LONDON (Reuters) – Markets must not replace the tarnished Libor interest rate with alternatives that could end up replicating the same flaws that made it easy for banks to manipulate, Bank of England Governor Andrew Bailey said on Tuesday.

The London Interbank Offered Rate is being scrapped at the end of December, though the publication of some dollar denominations continue until mid-2023 for outstanding contracts.

“I am pleased we have made a lot of progress and I am very optimistic that we will be there,” Bailey told an online event.

Regulators want Libor replaced with overnight “risk-free” rates compiled by central banks, such as Sonia at the Bank of England and Sofr at the Federal Reserve.

Some U.S. banks have called for an alternative rate, or supplement “spread” added to Sofr, to reflect the credit risk of a counterparty to a loan.
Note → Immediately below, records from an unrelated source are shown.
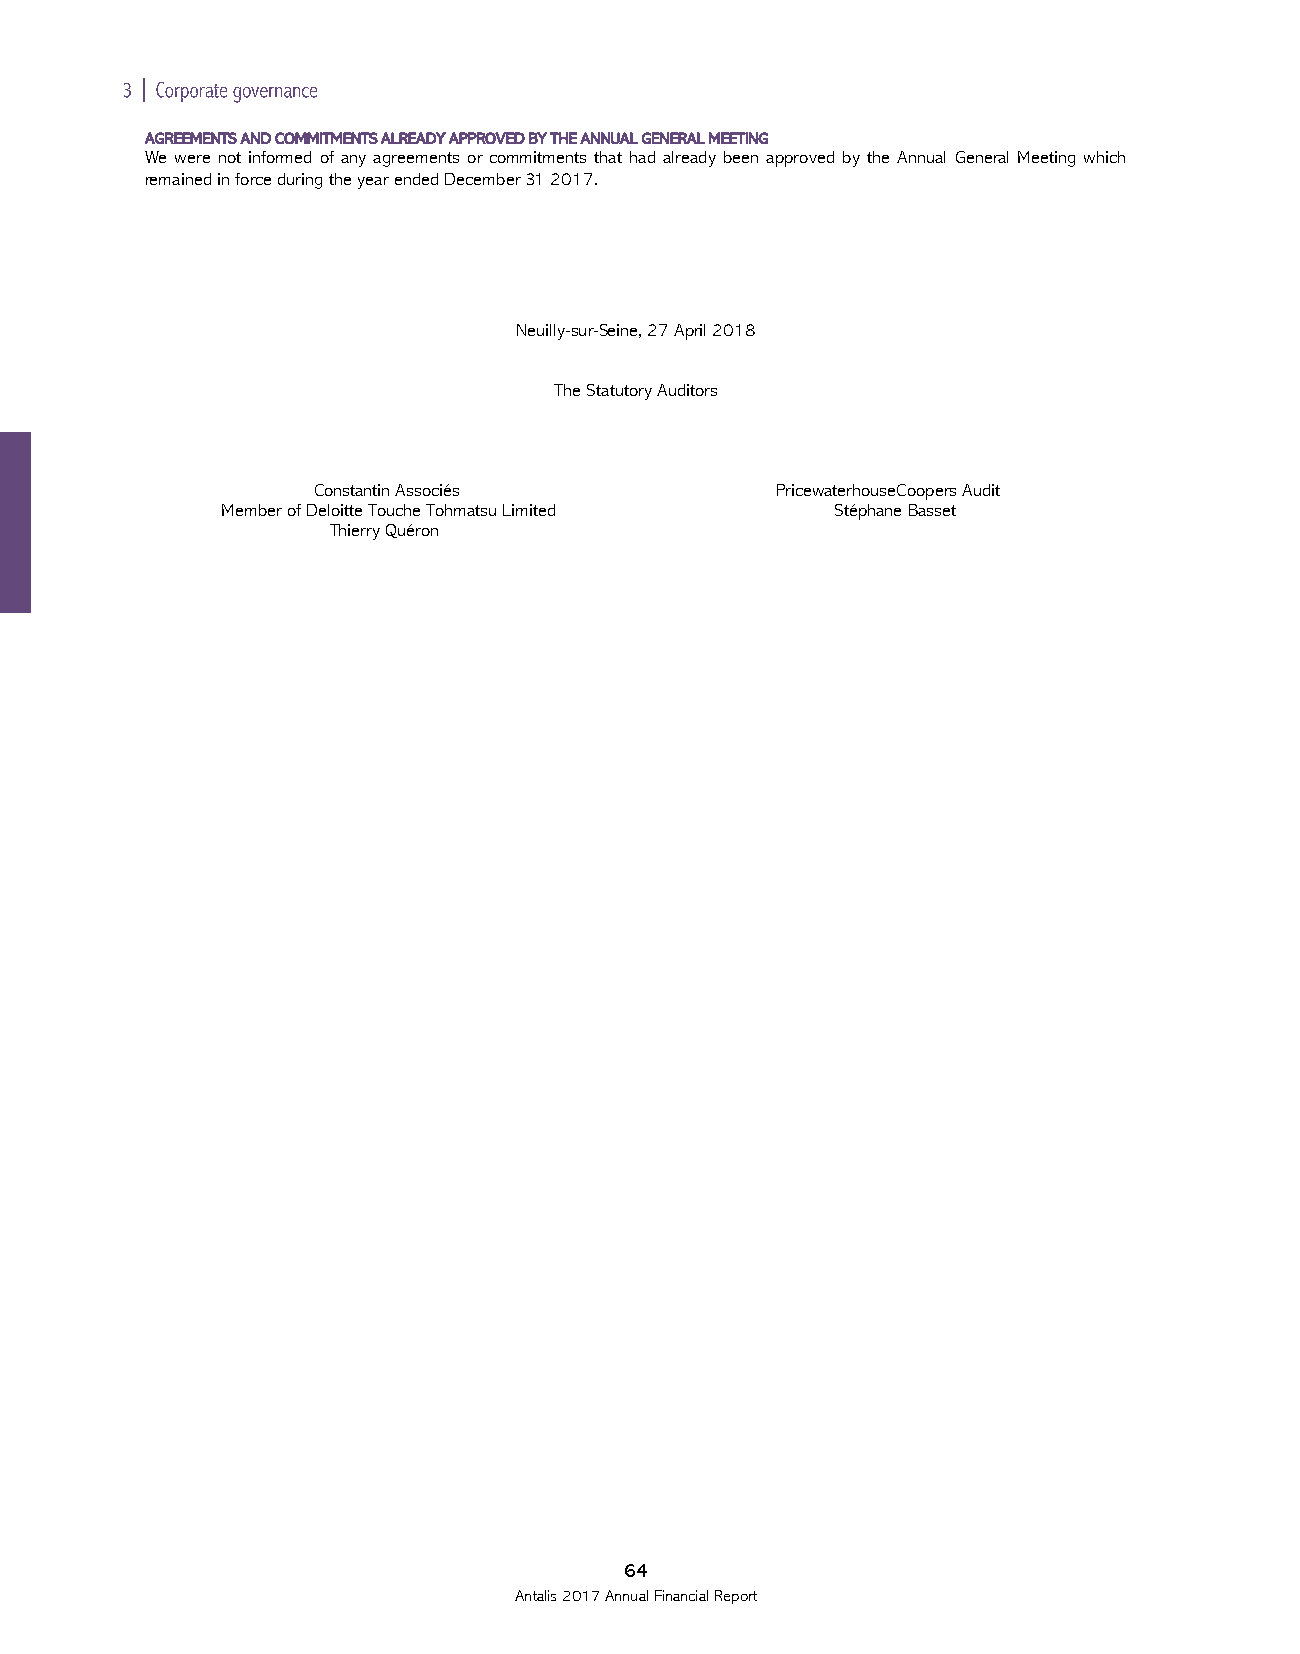

 AGREEMENTS AND COMMITMENTS ALREADY APPROVED BY THE ANNUAL GENERAL MEETING
 We were not informed of any agreements or commitments that had already been approved by the Annual General Meeting which
 remained in force during the year ended December31 2017.
 Neuilly-sur-Seine, 27 April 2018
 The Statutory Auditors
 Constantin Associés           PricewaterhouseCoopers Audit
 Member of Deloitte Touche Tohmatsu Limited Stéphane Basset
 Thierry Quéron
 64
 Antalis 2017 Annual Financial Report

Some are already being offered in the U.S. market.

“While these rates may offer convenience as a short-term substitution, they present a range of complex longer term risks,” Bailey said.

“The ability of such rates to maintain representativeness through periods of stress remains a challenge to which we have not seen adequate answers.”

It was not clear to what extent alternative credit sensitive benchmarks have truly addressed the weaknesses of Libor, Bailey said.

“In the UK there is a clear consensus that credit sensitive rates are not required or wanted as part of sterling Libor transition and in my view this is sensible,” he said.

John Williams, president of the New York Federal Reserve Bank, said credit-sensitive alternatives might only be appropriate for a limited set of loans.

“The vast majority of transactions currently in Libor really are in the derivatives, in broader markets, where the overnight risk-free rate is the best, also most appropriate, but also can build this really strong foundation due to the breadth and depth of those underlying markets,” Williams said.